▶ Try it: Leave out the pictures and restate the rest of the data exactly.

[Input data — start]

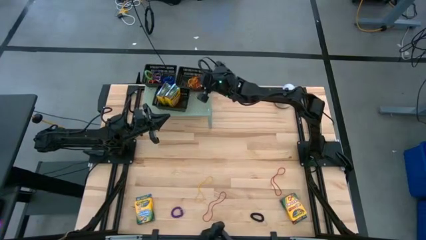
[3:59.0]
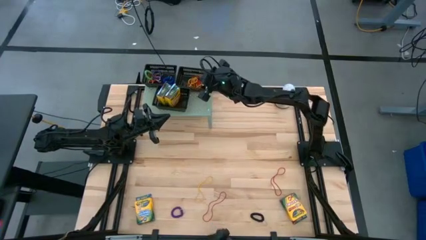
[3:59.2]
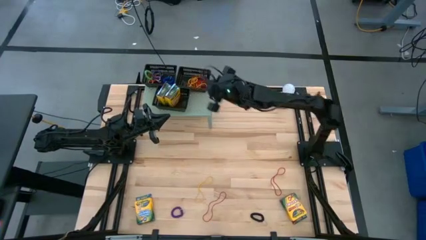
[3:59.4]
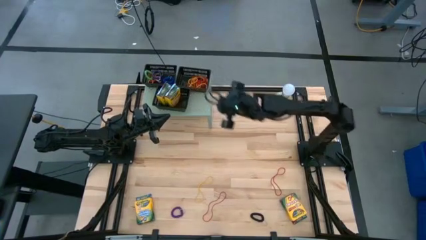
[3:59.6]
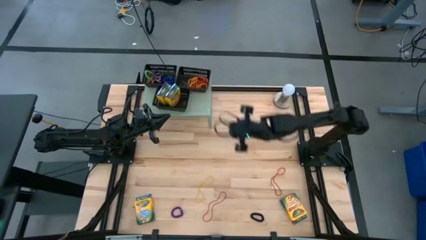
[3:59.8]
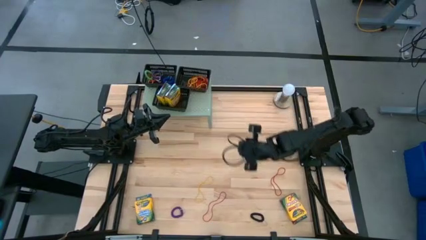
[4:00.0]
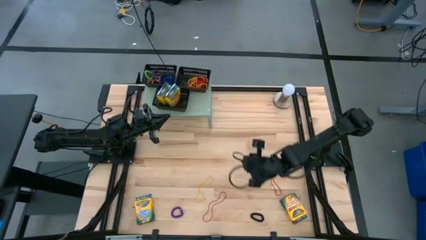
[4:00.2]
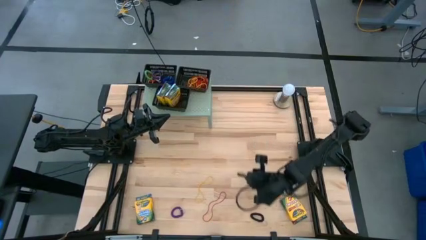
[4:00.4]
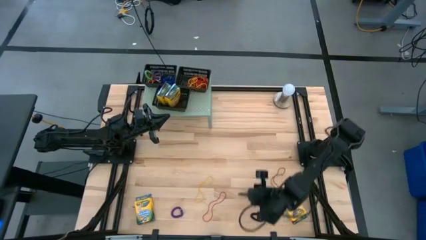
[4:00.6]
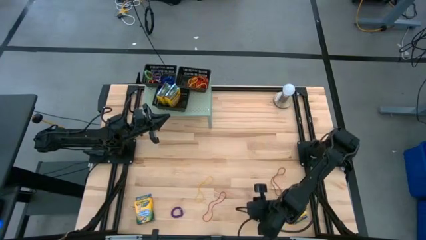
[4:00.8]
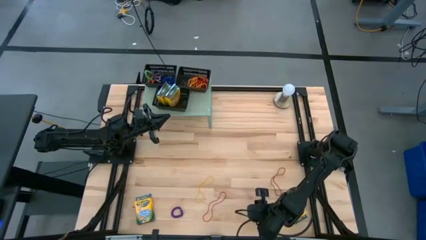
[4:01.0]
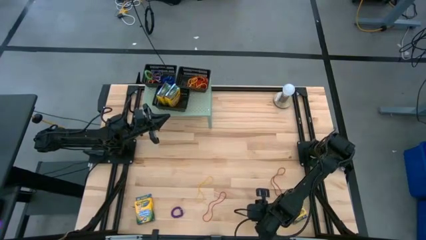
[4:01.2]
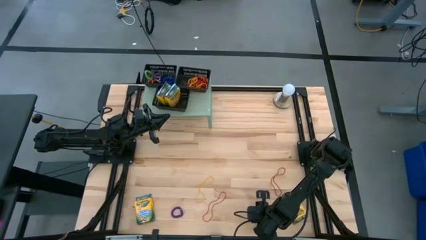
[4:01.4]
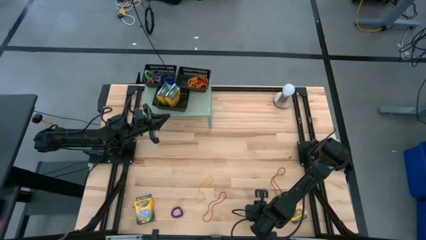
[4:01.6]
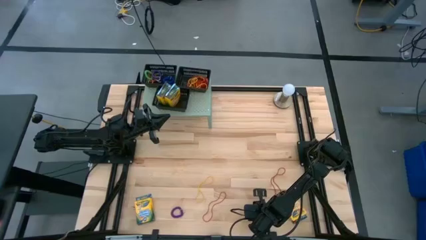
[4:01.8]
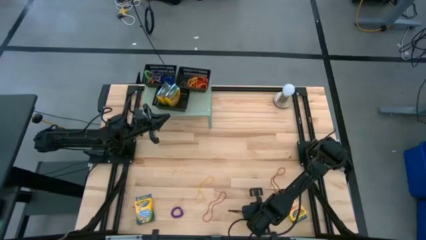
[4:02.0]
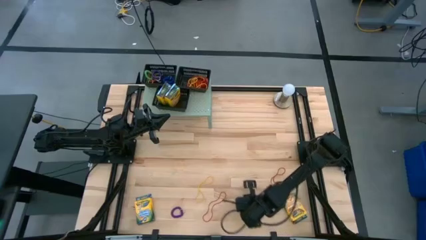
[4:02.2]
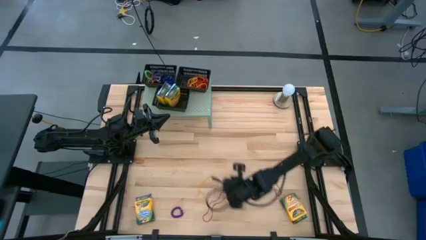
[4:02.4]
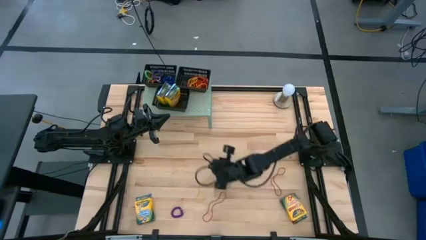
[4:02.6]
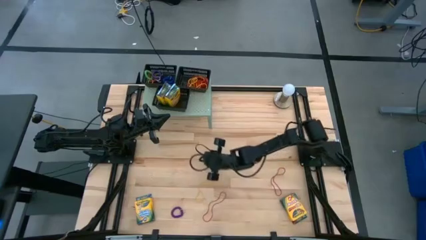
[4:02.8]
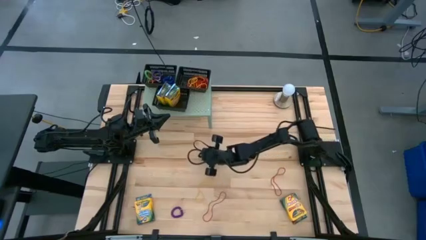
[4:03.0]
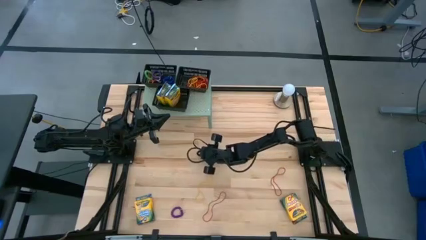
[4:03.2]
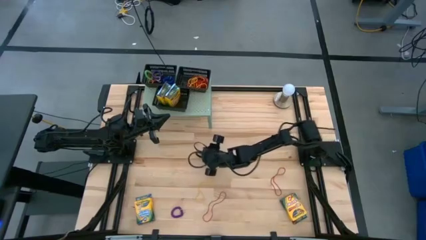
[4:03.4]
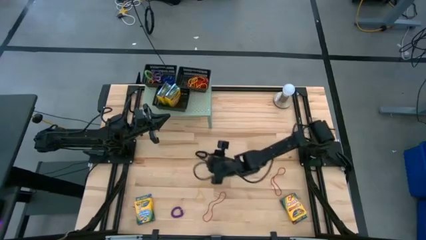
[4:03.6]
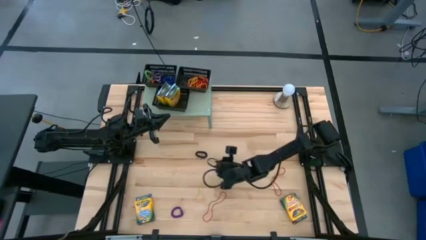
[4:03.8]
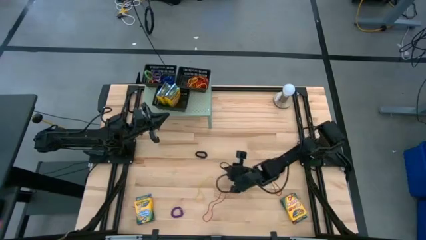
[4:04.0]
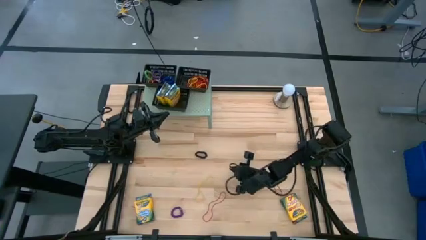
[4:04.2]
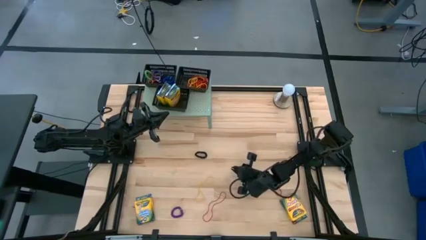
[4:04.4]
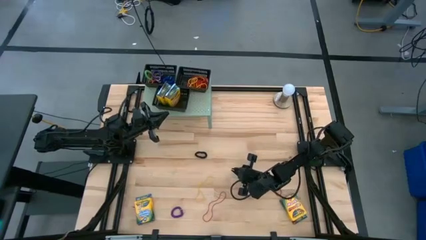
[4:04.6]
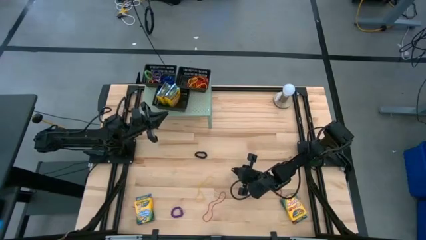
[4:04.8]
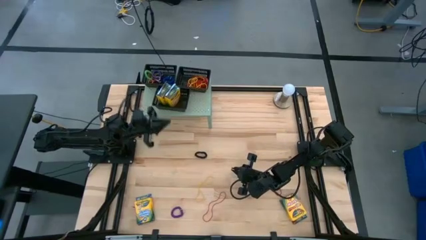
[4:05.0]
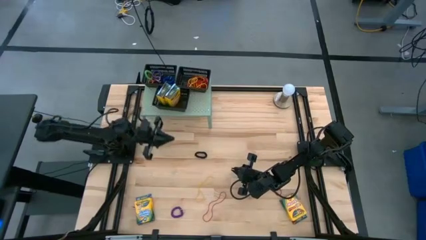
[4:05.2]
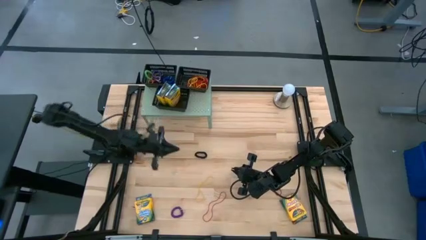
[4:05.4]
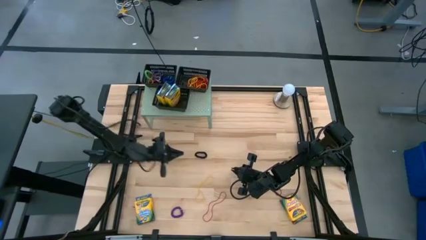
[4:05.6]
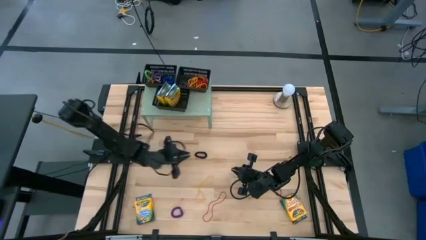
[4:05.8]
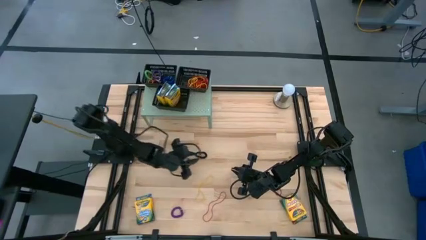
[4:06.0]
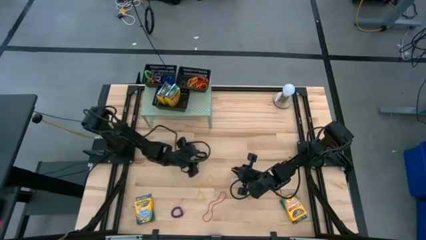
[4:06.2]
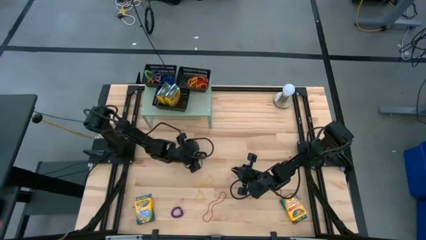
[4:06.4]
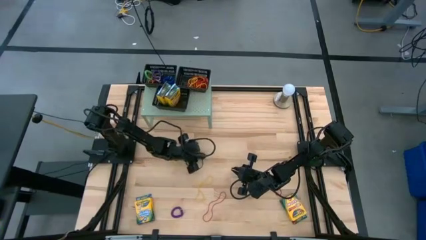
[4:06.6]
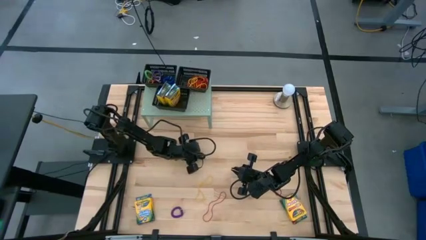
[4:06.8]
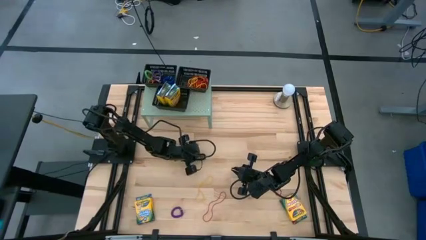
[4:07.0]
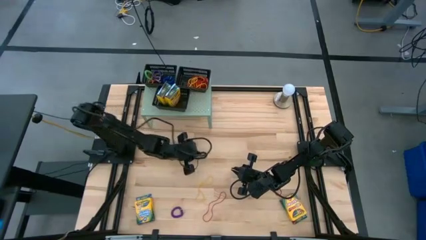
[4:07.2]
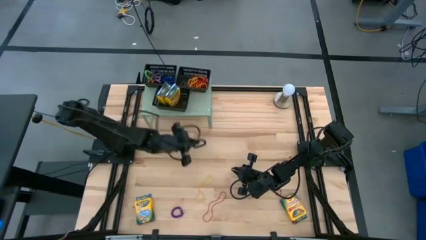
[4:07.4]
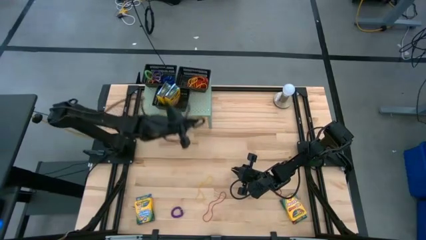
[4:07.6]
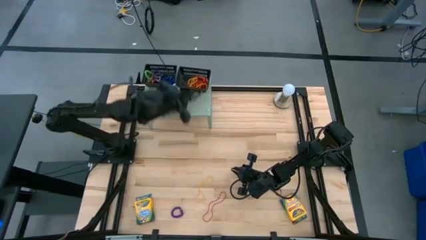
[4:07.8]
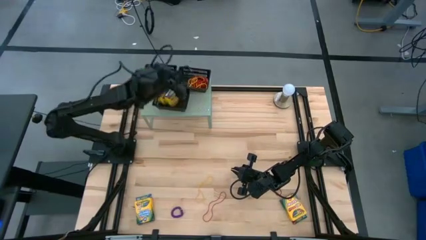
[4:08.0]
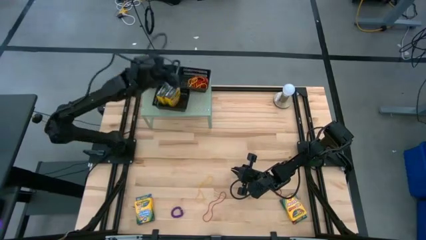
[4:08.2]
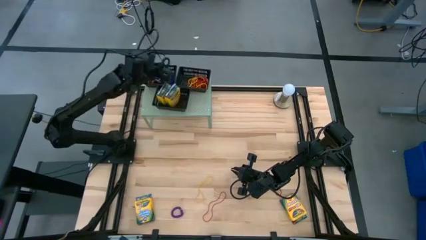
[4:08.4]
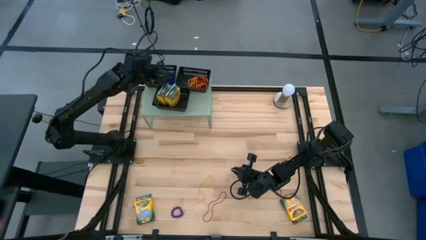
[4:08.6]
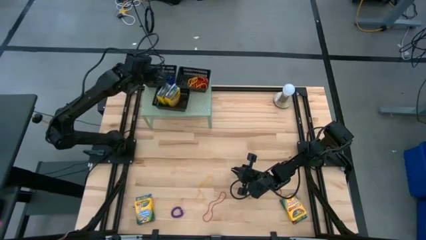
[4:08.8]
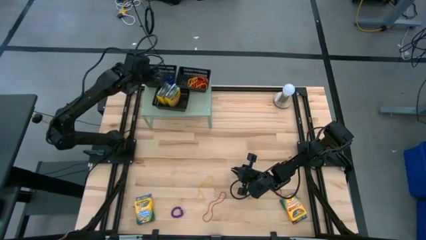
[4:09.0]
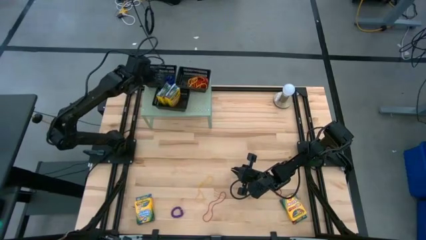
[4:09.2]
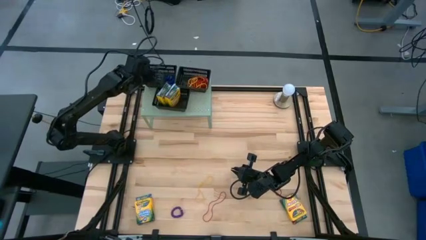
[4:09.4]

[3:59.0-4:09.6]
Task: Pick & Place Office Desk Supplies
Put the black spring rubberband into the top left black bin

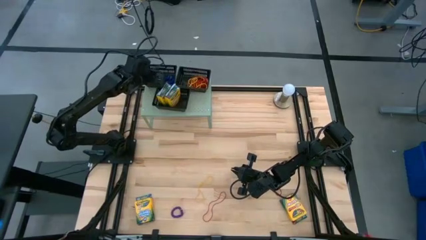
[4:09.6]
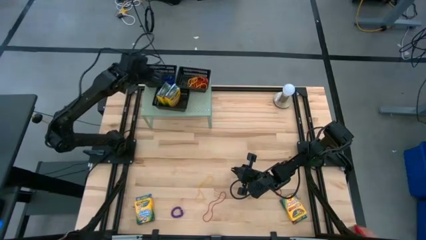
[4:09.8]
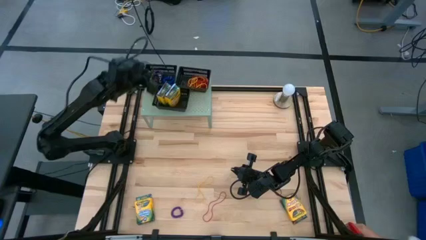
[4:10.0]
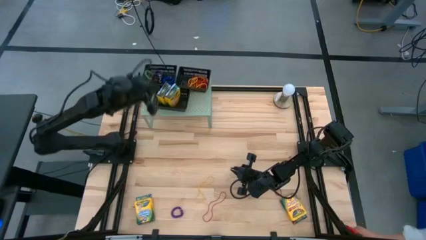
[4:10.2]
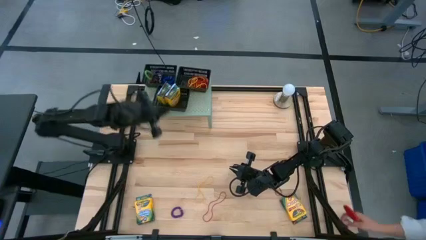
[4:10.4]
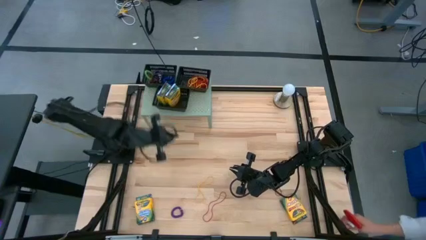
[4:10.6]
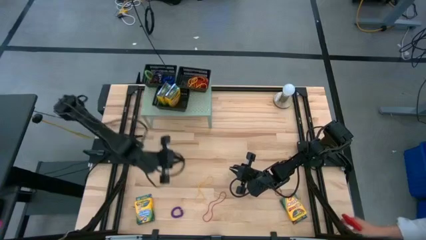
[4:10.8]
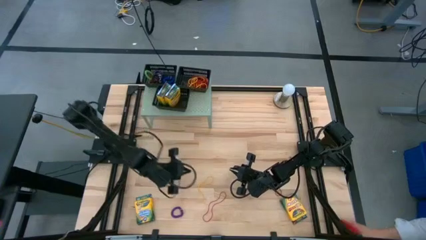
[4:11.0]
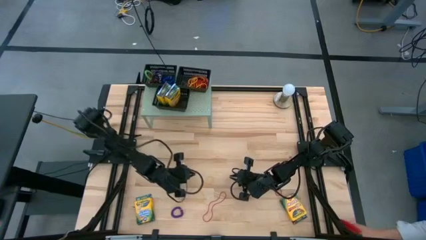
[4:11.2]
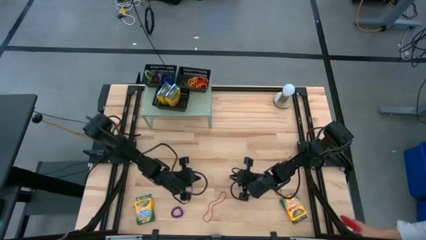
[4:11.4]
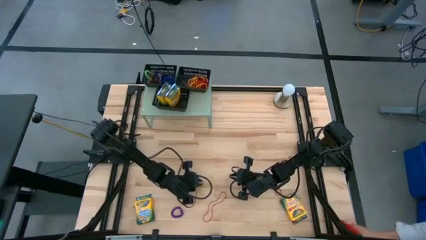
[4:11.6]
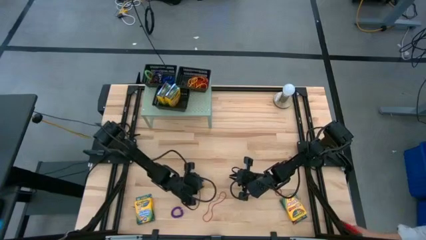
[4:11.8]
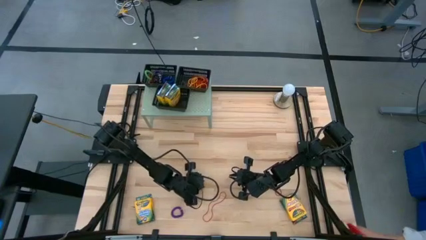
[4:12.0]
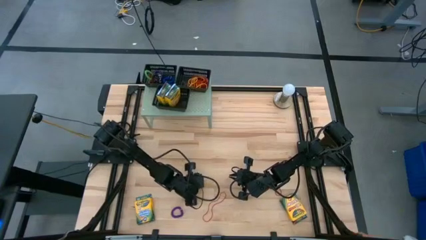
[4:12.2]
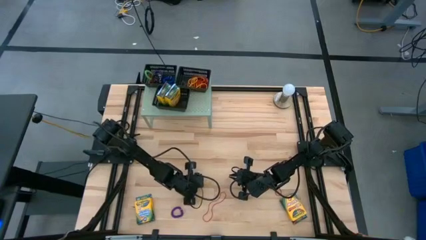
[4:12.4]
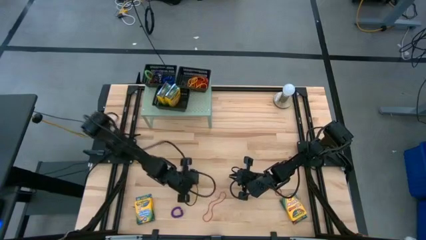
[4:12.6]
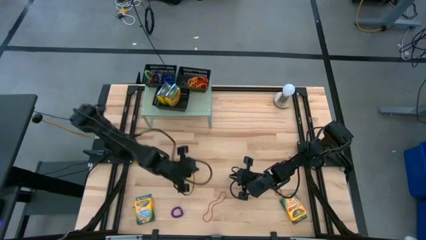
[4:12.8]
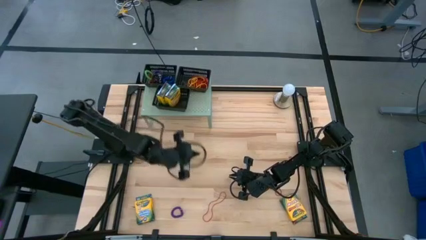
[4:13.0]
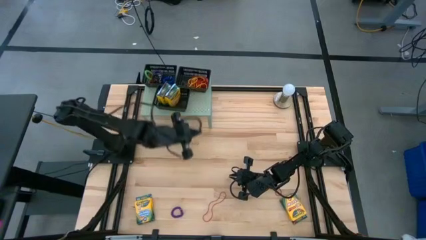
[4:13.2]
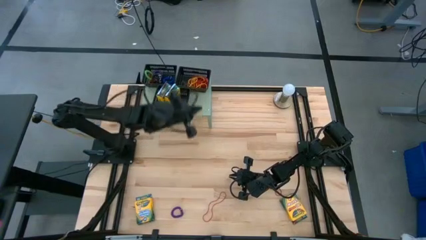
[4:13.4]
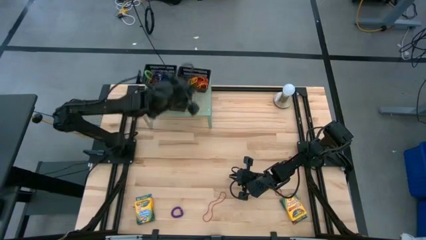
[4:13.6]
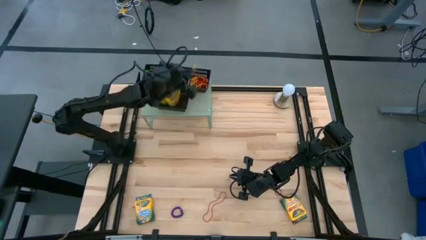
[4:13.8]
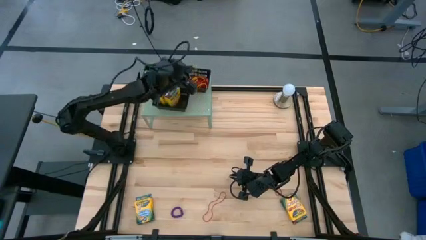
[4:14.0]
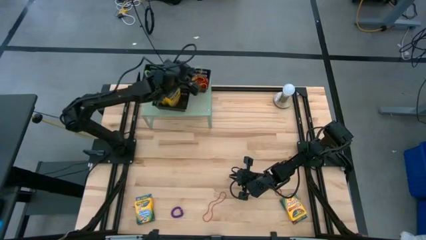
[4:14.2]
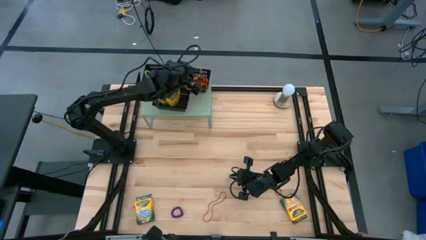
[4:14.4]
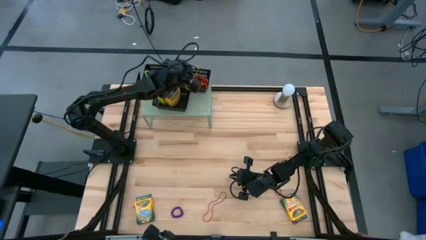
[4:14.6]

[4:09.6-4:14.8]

[Input data — finish]

▶ Response box:
[3:59.0]
[3:59.2]
[3:59.4]
[3:59.6]
[3:59.8]
[4:00.0]
[4:00.2]
[4:00.4]
[4:00.6]
[4:00.8]
[4:01.0]
[4:01.2]
[4:01.4]
[4:01.6]
[4:01.8]
[4:02.0]
[4:02.2]
[4:02.4]
[4:02.6]
[4:02.8]
[4:03.0]
[4:03.2]
[4:03.4]
[4:03.6]
[4:03.8]
[4:04.0]
[4:04.2]
[4:04.4]
[4:04.6]
[4:04.8]
[4:05.0]
[4:05.2]
[4:05.4]
[4:05.6]
[4:05.8]
[4:06.0]
[4:06.2]
[4:06.4]
[4:06.6]
[4:06.8]
[4:07.0]
[4:07.2]
[4:07.4]
[4:07.6]
[4:07.8]
[4:08.0]
[4:08.2]
[4:08.4]
[4:08.6]
[4:08.8]
[4:09.0]
[4:09.2]
[4:09.4]

[3:59.0-4:09.6]
Task: Pick & Place Office Desk Supplies
Put the black spring rubberband into the top left black bin

[4:09.6]
[4:09.8]
[4:10.0]
[4:10.2]
[4:10.4]
[4:10.6]
[4:10.8]
[4:11.0]
[4:11.2]
[4:11.4]
[4:11.6]
[4:11.8]
[4:12.0]
[4:12.2]
[4:12.4]
[4:12.6]
[4:12.8]
[4:13.0]
[4:13.2]
[4:13.4]
[4:13.6]
[4:13.8]
[4:14.0]
[4:14.2]
[4:14.4]
[4:14.6]

[4:09.6-4:14.8]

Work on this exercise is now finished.